This Daring Brit’s Long-Lost WWII Diary Chronicles London’s Darkest Days
As Nazi bombs rained, an aging architect risked his life to protect the greatest symbol of England's resistance: St. Paul’s Cathedral. And he documented every moment.
Photo by Herbert Mason
Arthur Butler was a melancholic, artistic man, a retired architect known for his slightly rambling way of speaking. On the night of April 16, 1941, when a bomb fell through the roof of St. Paul’s, London, he was high on the cathedral’s dome, wearing a flashlight on a belt around his waist, looking at the fires reflected in the Thames, far below. Butler liked the shadows on nights like these, cast from strange angles by falling flares.
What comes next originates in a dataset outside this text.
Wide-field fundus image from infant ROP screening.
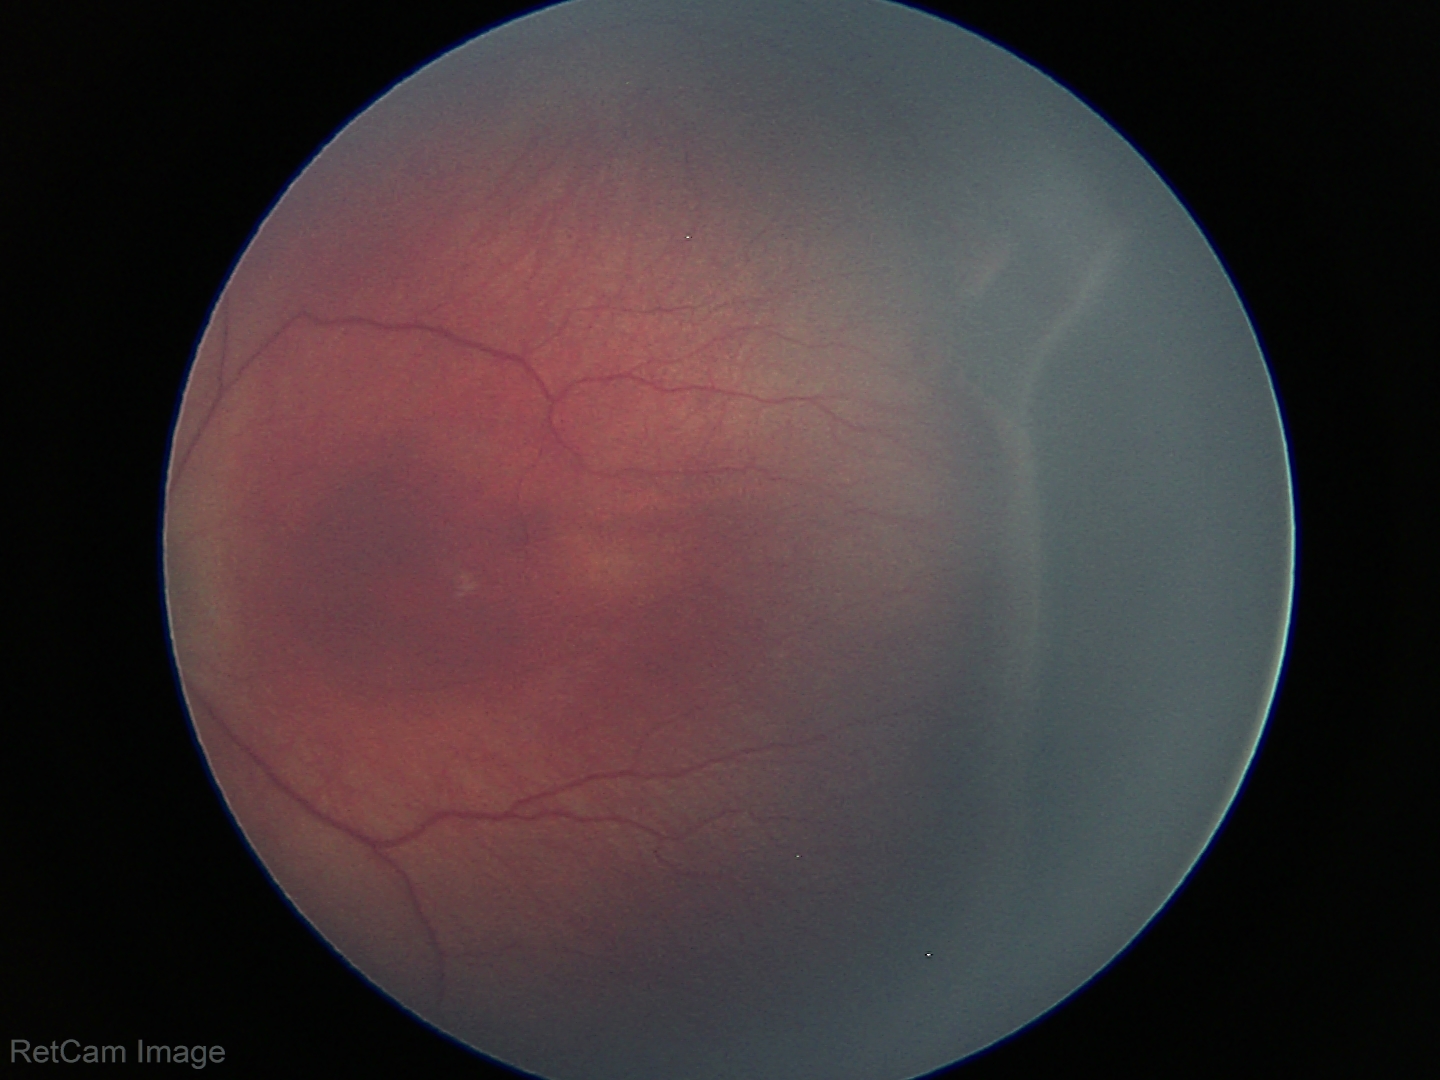

Q: What is the screening diagnosis?
A: retinopathy of prematurity stage 3 — ridge with extraretinal fibrovascular proliferation
Q: Plus disease status?
A: no plus disease

He had enjoyed the bursts of artillery in the previous war too, flashing orange over the trenches, when he was young. Now, flames crept into crimson smoke, as buildings burned white, then red, then orange. Many were skeletal, from earlier raids. It was a “weird and terrible loveliness,” Butler recalled. As planes flew closer – “silly screaming dragons,” he wrote – there was a crescendo of anti-aircraft fire. Memories overcame him. Fire engine bells rang in the distance.
Isolated amongst ruins, the German planes seemed to seek out St.…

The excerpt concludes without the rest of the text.